### YOUR TASK:
Set down the data below in full and exactly, minus the pictures.

### DATA FOR REVIEW ###

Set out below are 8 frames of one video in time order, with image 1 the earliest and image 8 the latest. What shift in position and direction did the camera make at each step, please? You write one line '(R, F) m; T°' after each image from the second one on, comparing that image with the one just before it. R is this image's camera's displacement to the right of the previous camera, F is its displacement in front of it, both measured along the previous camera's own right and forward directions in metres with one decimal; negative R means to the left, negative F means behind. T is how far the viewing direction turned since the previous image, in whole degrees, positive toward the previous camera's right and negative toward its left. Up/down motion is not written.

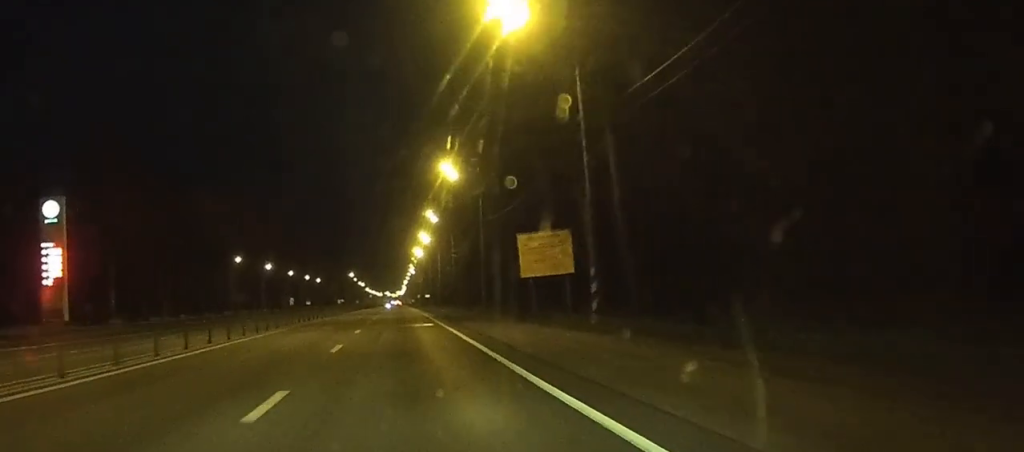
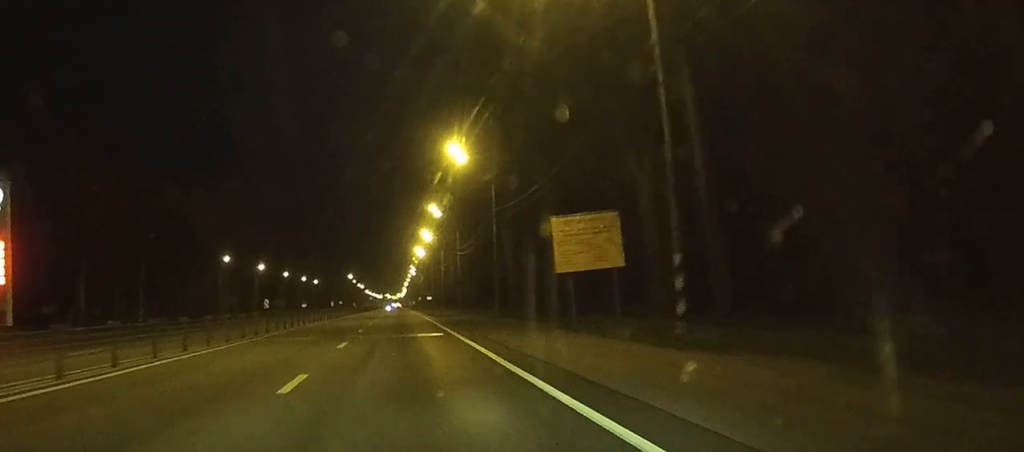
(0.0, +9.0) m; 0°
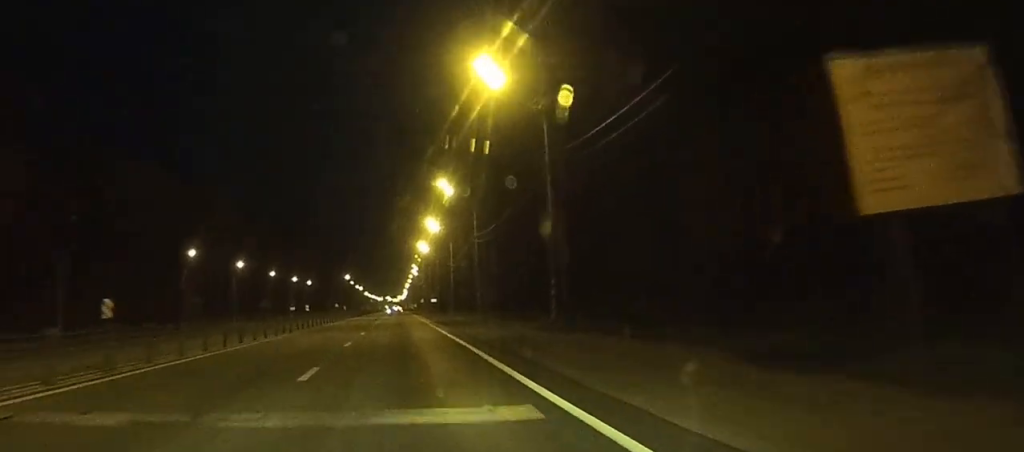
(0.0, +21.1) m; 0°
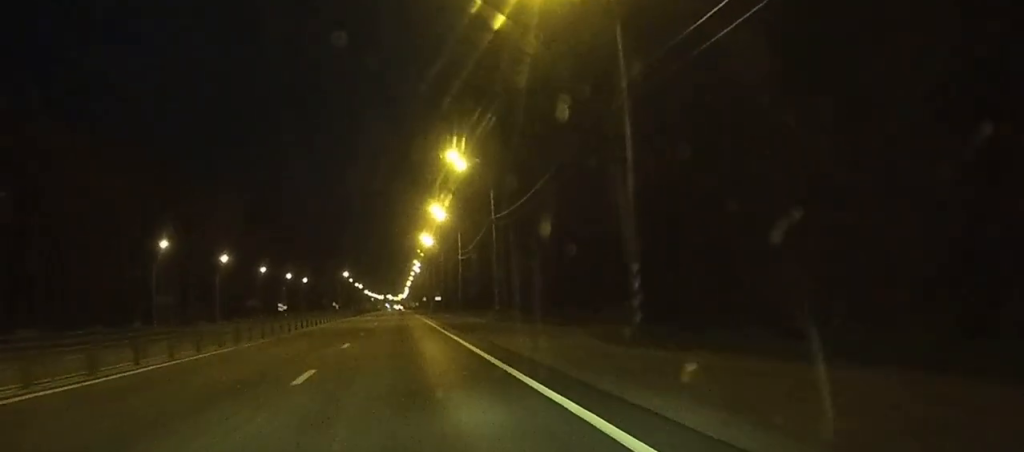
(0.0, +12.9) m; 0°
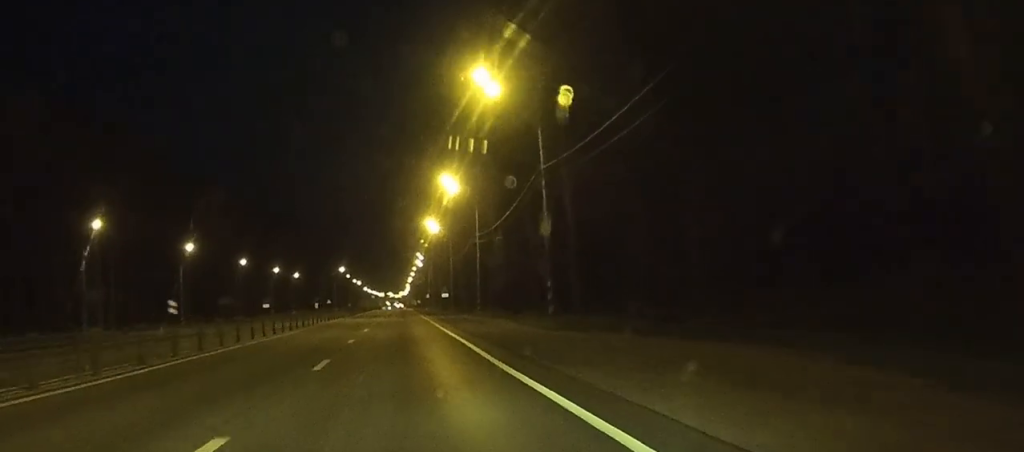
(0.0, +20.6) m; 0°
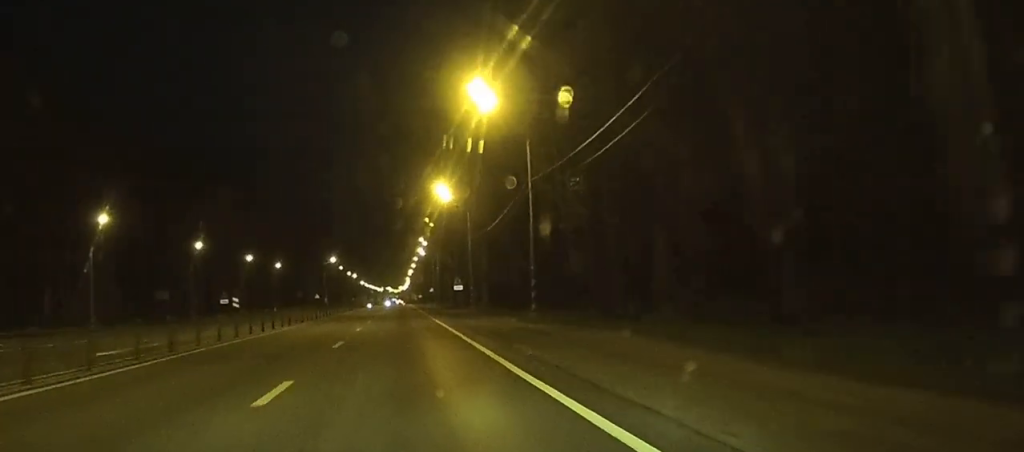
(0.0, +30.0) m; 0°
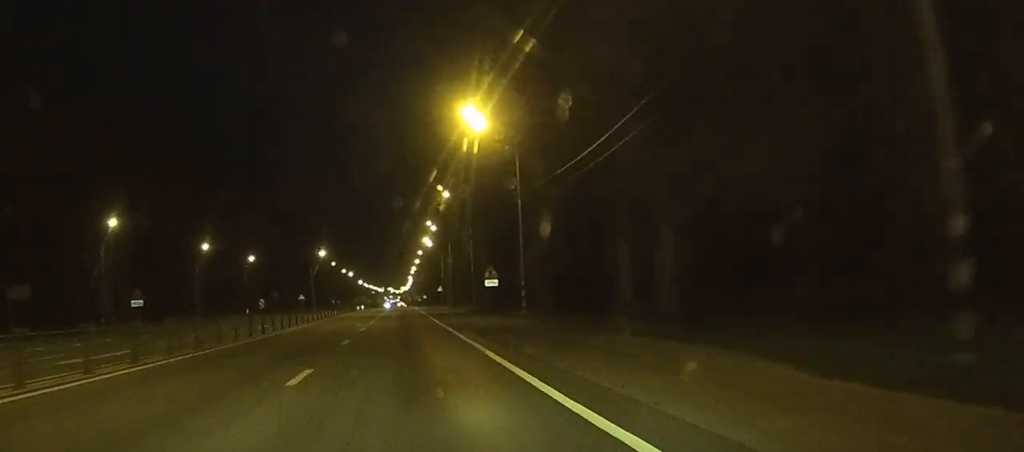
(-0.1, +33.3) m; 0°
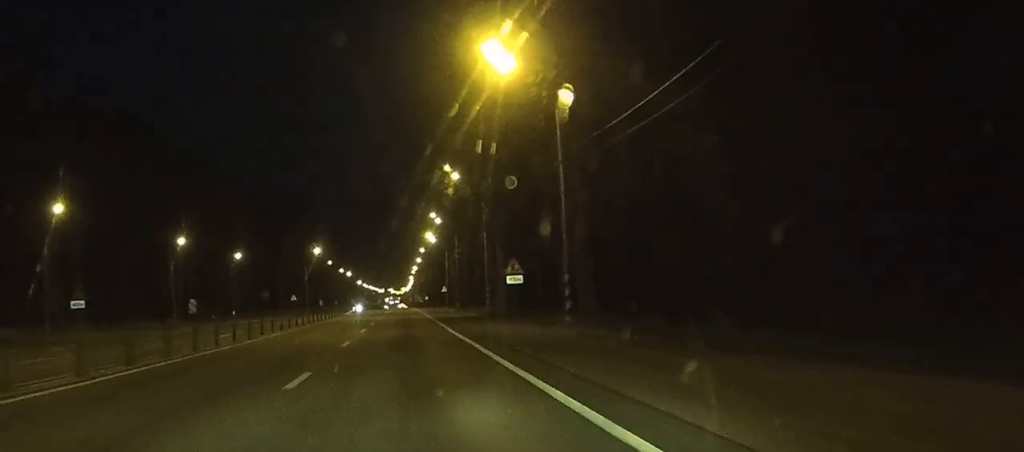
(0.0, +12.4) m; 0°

###

### EXERCISE RESPONSE:
Set out below are 8 frames of one video in time order, with image 1 the earliest and image 8 the latest. What shift in position and direction did the camera make at each step, please? You write one line '(R, F) m; T°' after each image from the second one on, comparing that image with the one just before it. R is this image's camera's displacement to the right of the previous camera, F is its displacement in front of it, both measured along the previous camera's own right and forward directions in metres with one decimal; negative R means to the left, negative F means behind. T is how far the viewing direction turned since the previous image, in whole degrees, positive toward the previous camera's right and negative toward its left. Up/down motion is not written.

(0.0, +9.0) m; 0°
(0.0, +21.1) m; 0°
(0.0, +12.9) m; 0°
(0.0, +20.6) m; 0°
(0.0, +30.0) m; 0°
(-0.1, +33.3) m; 0°
(0.0, +12.4) m; 0°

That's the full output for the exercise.